Data:
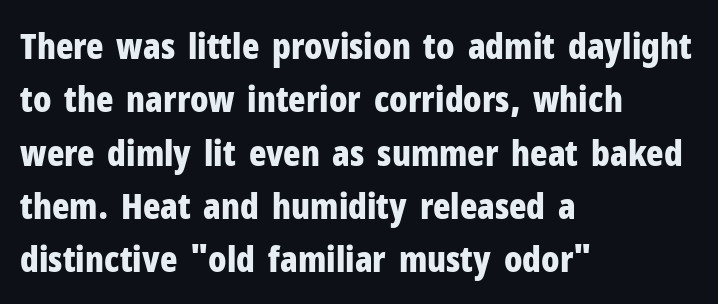
Q: Is the text bold? A: Yes.
Q: Is the text italic (slanted)? A: No, it is upright.
Q: Is the typeface a serif or a sans-serif typeface? A: Sans-serif.
Q: Is the text underlined? A: No.
Q: How is the paragraph aligned? A: Left-aligned.
Q: Is the spacing between letters normal or unusually wide? A: Normal.
Q: Is the spacing between lines tight, normal or loose? A: Normal.
Q: Width (condensed, normal, or wide)? A: Condensed.
Q: Stroke contrast? A: Low.
Q: x-height? A: Medium.
Q: Monospaced? A: No.
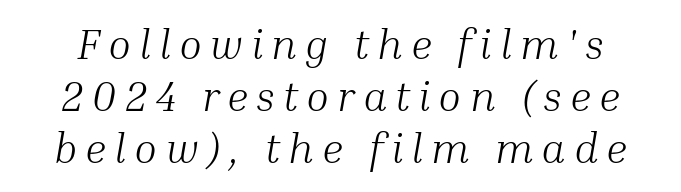
The image shows 42 px light serif type, italic (leaning right); set line spacing 1.24x, not underlined; medium stroke contrast and a medium x-height.
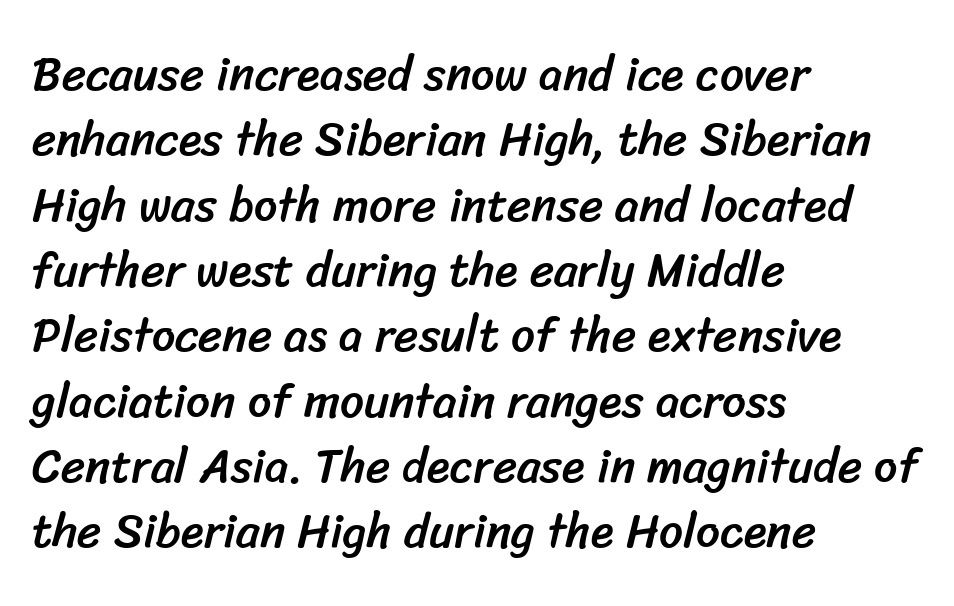
{"serif": "no", "width": "normal", "stroke_contrast": "low", "x_height": "medium", "monospaced": "no", "underline": "no", "align": "left", "line_spacing": "normal", "line_spacing_ratio": 1.39, "letter_spacing": "normal", "letter_spacing_em": 0.0, "glyph_px": 47}
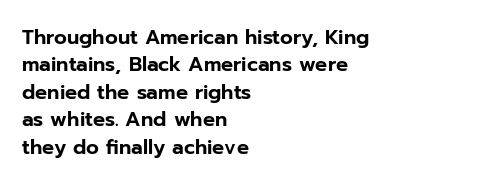
The specimen omits any rule beneath the text block's lines. The face used here is rendered with its standard letterfit. Posture: straight, roman, zero tilt. A student would call this left alignment; a typographer would say flush left, rag right. If you measured baseline to baseline, you'd find a middling distance.
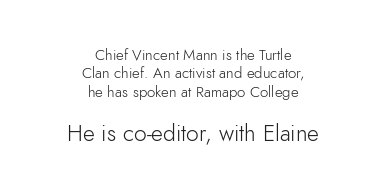
{"italic": "no", "bold": "no", "underline": "no", "align": "center", "line_spacing_ratio": 1.22, "letter_spacing": "normal", "letter_spacing_em": 0.0, "larger_block": "second", "size_ratio": 1.53, "glyph_px": 23}

Work item: Your copy should repeat each entry above exactly but contain no pictures.

Answer section:
Q: Is the text bold? A: Yes.
Q: Is the text italic (slanted)? A: No, it is upright.
Q: Is the typeface a serif or a sans-serif typeface? A: Sans-serif.
Q: Is the text underlined? A: No.
Q: How is the paragraph aligned? A: Left-aligned.
Q: Is the spacing between letters normal or unusually wide? A: Normal.
Q: Is the spacing between lines tight, normal or loose? A: Normal.
Q: Width (condensed, normal, or wide)? A: Condensed.
Q: Stroke contrast? A: Low.
Q: x-height? A: Medium.
Q: Monospaced? A: No.
The image shows 42 px light serif type, italic (leaning right); set line spacing 1.24x, not underlined; medium stroke contrast and a medium x-height.
{"serif": "no", "width": "normal", "stroke_contrast": "low", "x_height": "medium", "monospaced": "no", "underline": "no", "align": "left", "line_spacing": "normal", "line_spacing_ratio": 1.39, "letter_spacing": "normal", "letter_spacing_em": 0.0, "glyph_px": 47}
The specimen omits any rule beneath the text block's lines. The face used here is rendered with its standard letterfit. Posture: straight, roman, zero tilt. A student would call this left alignment; a typographer would say flush left, rag right. If you measured baseline to baseline, you'd find a middling distance.
{"italic": "no", "bold": "no", "underline": "no", "align": "center", "line_spacing_ratio": 1.22, "letter_spacing": "normal", "letter_spacing_em": 0.0, "larger_block": "second", "size_ratio": 1.53, "glyph_px": 23}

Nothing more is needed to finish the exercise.